DATA TO EXAMINE:
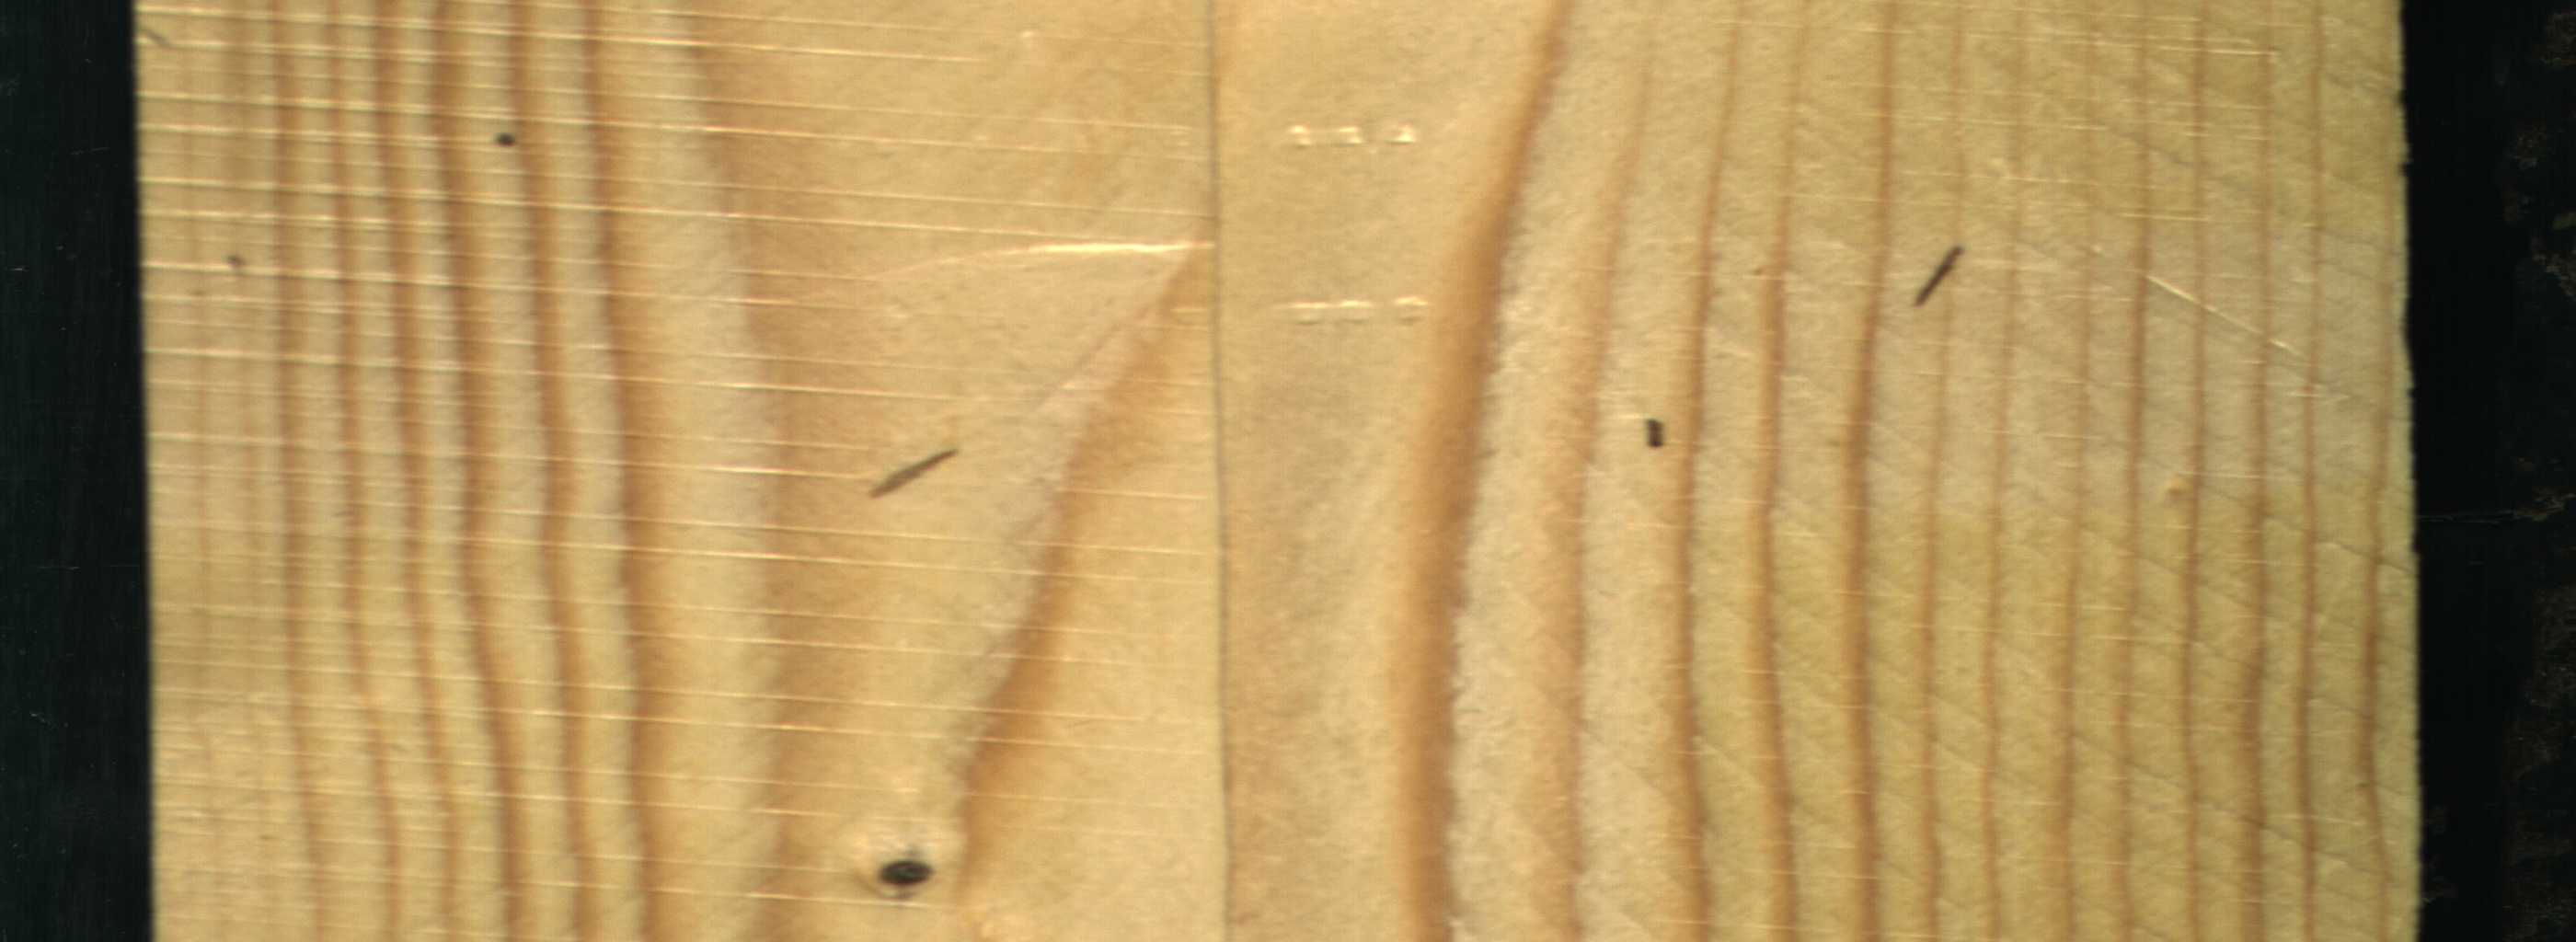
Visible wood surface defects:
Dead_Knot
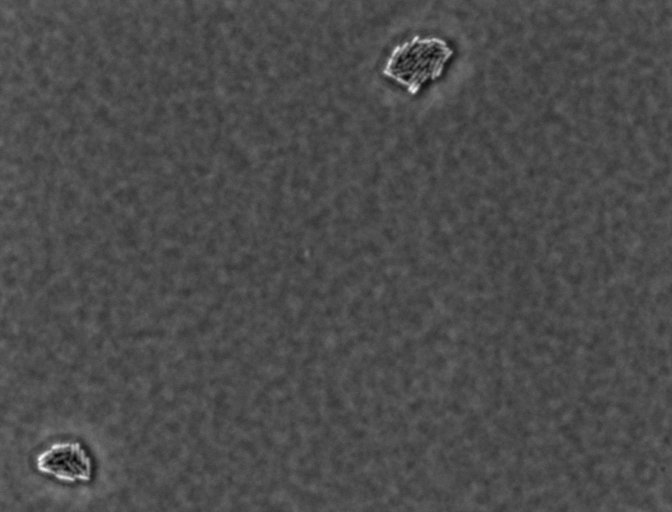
...
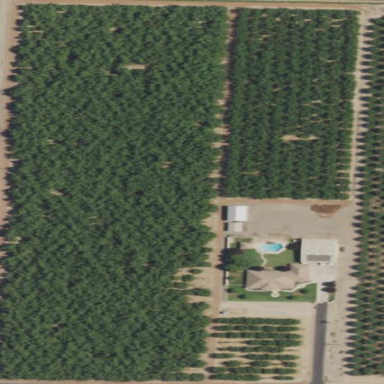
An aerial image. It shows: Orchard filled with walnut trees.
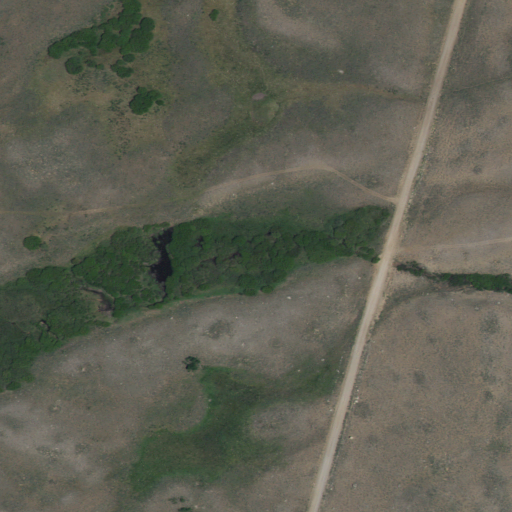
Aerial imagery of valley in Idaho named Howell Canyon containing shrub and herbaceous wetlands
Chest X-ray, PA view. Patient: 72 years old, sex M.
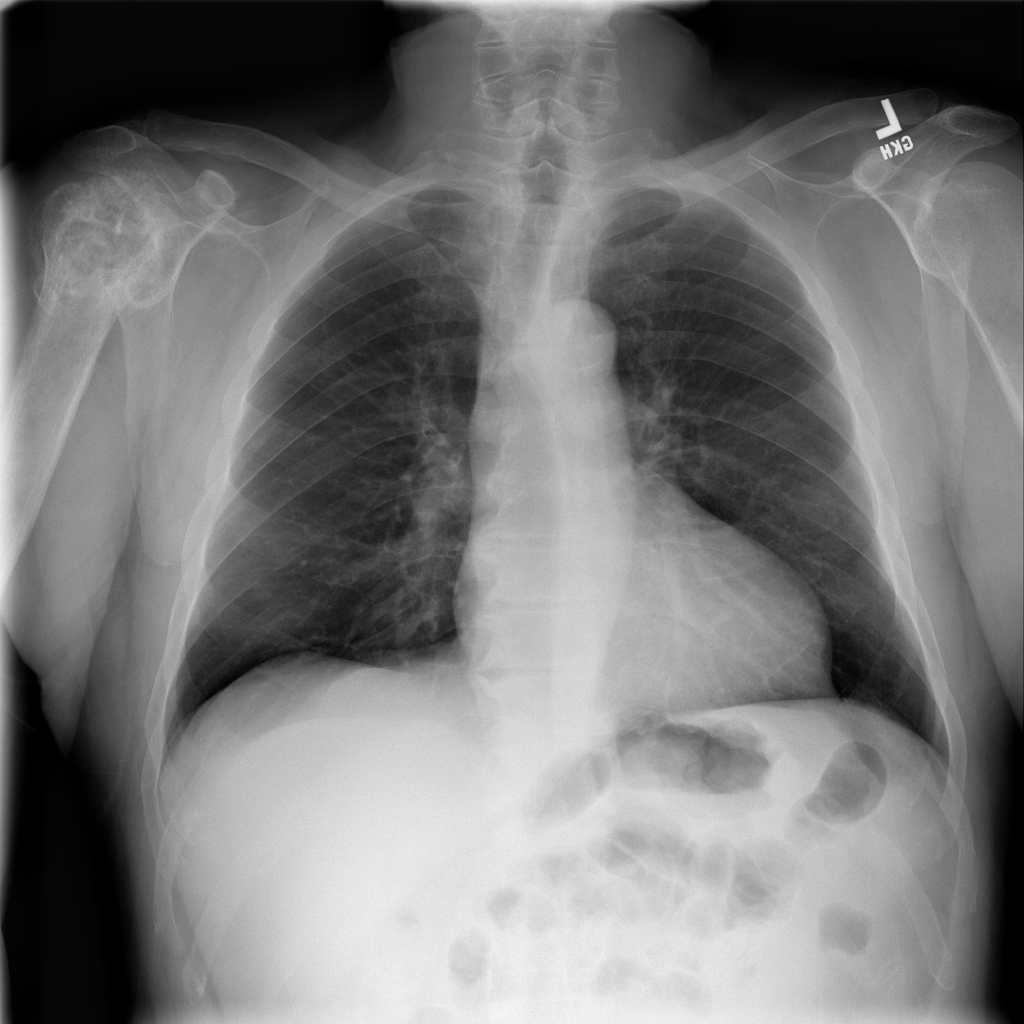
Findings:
---
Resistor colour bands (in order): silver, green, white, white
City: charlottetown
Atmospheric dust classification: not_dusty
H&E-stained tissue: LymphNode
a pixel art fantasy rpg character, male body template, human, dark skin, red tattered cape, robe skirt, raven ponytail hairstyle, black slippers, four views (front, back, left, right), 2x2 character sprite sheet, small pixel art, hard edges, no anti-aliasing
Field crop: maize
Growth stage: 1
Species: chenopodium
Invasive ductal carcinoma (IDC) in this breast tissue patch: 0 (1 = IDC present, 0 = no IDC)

YOUR OBJECTIVE: Using the entries above, give back exactly the line containing "City: charlottetown", the line containing "Invasive ductal carcinoma", and every line between them, and nothing else.

RESULT:
City: charlottetown
Atmospheric dust classification: not_dusty
H&E-stained tissue: LymphNode
a pixel art fantasy rpg character, male body template, human, dark skin, red tattered cape, robe skirt, raven ponytail hairstyle, black slippers, four views (front, back, left, right), 2x2 character sprite sheet, small pixel art, hard edges, no anti-aliasing
Field crop: maize
Growth stage: 1
Species: chenopodium
Invasive ductal carcinoma (IDC) in this breast tissue patch: 0 (1 = IDC present, 0 = no IDC)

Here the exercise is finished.